Navigating the “Scary Black male” narrative

I feared for my life,” He looked big and scary,” “He looked like a grown man,” “He fit the profile.” These and other statements have been used to justify the murder of Black males across the country. These Black males were young, old, fathers and husbands who were engaged in activities such as asking for help, walking home, or playing in the park. They are forever tied together by the narrative that the Black male body is dangerous, deviant, and unworthy of fairness and justice. Instead, the guilt and execution of Black males is determined by any citizen on the street when often their only crime was existing in spaces as Black males where they are hated and feared.

Scientific research has consistently supported the unspoken phenomenon of the perceived “Scary Black male.” Black boys are aged by two years compared to their White counterparts contributing to the expectation of accountability for “boys will be boys’ behavior.”  Unarmed Black males are more likely to be shot in “shoot/don’t shoot scenarios” by police than armed White males. Also, the fear response is more likely to be activated in the brain when White individuals are shown images of Black males compared to any other racial group. Almost daily it seems the media is highlighting the consequences of this perception in the form of murder, criminalization, and lower expectations. Society has bought wholesale into the brand of intentional, institutional and cultural racism that discounts, devalues, and despises Black life. An equally unfortunate phenomenon is the number of Black males who have internalized this form of racism contributing to a hatred of themselves and other Black males.       

Despite the perceived forced choice of engaging in stereotypical Black maleness under the threat of a gun or refusing the “Black male stereotype box” under the fear of emasculation, Black males have a choice regarding how they receive and respond to the scary Black male narrative. When facing overwhelming racism that threatens the lives of Black males, we can be conscious, courageous, and, committed. We can be conscious of the intentional narrative that has been created to deny the humanity of Black males. By assuming a posture of greater attentiveness to the messaging we receive, Black males can critically assess the social content they are exposed to rather than a passive acceptance of the scary Black male stereotype.

With heightened awareness, Black males will also experience a call to action to rewrite the narrative associated with the Black male body. However, rewriting and reimagining the Black male experience can come at significant cost. Black males who refuse to accept the scary Black male stereotype can face ostracization, claims of being “uppity”  or having a greater association with Whiteness, and even violence. To challenge the scary Black male narrative, Black males must engage in courageous action by addressing racism at the institutional and cultural levels. Lastly, recognizing that change requires persistence, we must remain committed to challenging the scary Black male narrative over time.

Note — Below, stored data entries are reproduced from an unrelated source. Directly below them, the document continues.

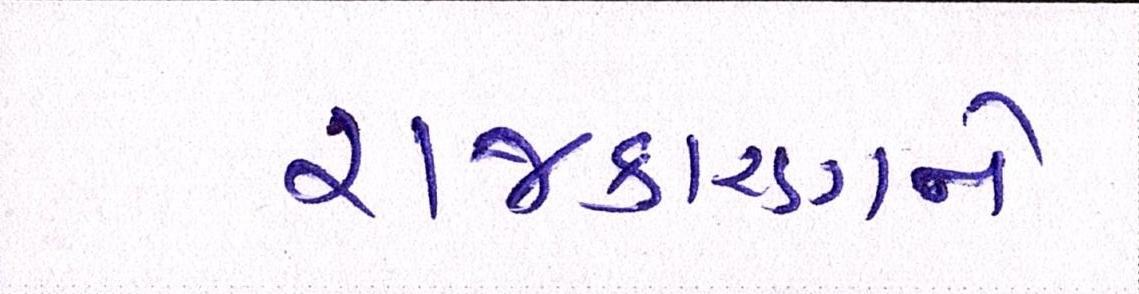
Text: રાજકારણને
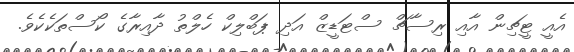
އެއީ ޓީޗިން އާއި ރިސާޗް ސްޓަޑީޒް އަދި ޕަބްލިކް ހެލްތު ދާއިރާގެ ކޯސްތަކެކެވެ.
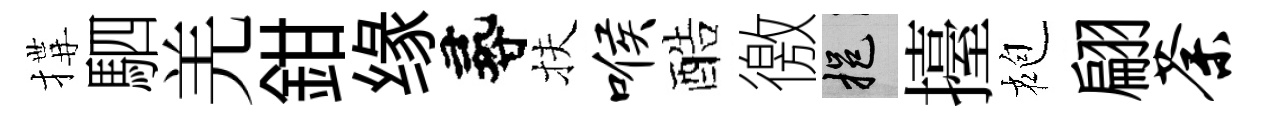
搆駟羌鉗缘尋扶喉酷徼挹擡袍翩荼
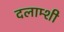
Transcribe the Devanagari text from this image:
दलाम्शी
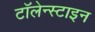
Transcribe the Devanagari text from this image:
टॉलेन्स्टाइन
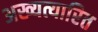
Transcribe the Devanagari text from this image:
अख्यत्यारित
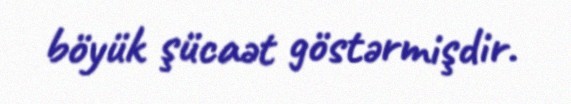
böyük şücaət göstərmişdir.
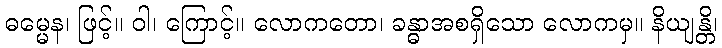
ဓမ္မေန၊ ဖြင့်။ ဝါ၊ ကြောင့်။ လောကတော၊ ခန္ဓာအစရှိသော လောကမှ။ နိယျန္တိ၊
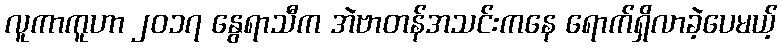
လူကာကူဟာ ၂၀၁၇ နွေရာသီက အဲဗာတန်အသင်းကနေ ရောက်ရှိလာခဲ့ပေမယ့်
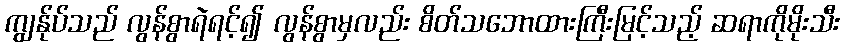
ကျွန်ုပ်သည် လွန်စွာရဲရင့်၍ လွန်စွာမှလည်း စိတ်သဘောထားကြီးမြင့်သည့် ဆရာကိုမိုးသီး
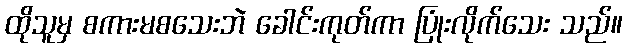
ထိုသူမှ စကားမစသေးဘဲ ခေါင်းကုတ်ကာ ပြုံးလိုက်သေး သည်။
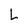
Character: l
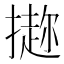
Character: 𪮭
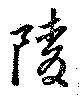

There is an intentional effort to undermine, redefine, and malign the Black male experience. This effort has contributed to the development of the “Scary Black male” narrative. The scary Black male narrative depicts Black males as dumb, dangerous, and deviant individuals. There has been a significant cost for the proliferation of the “Scary Black male” narrative in popular culture creating a fear of the Black male body. This manufactured fear has been used to justify the murder of countless Black males throughout the country. We can rewrite the narrative concerning the Black male experience by being conscious of intentional racism, courageous in anti-racism and advocacy, and committed to the long-term struggle of dismantling systems of racism and discrimination.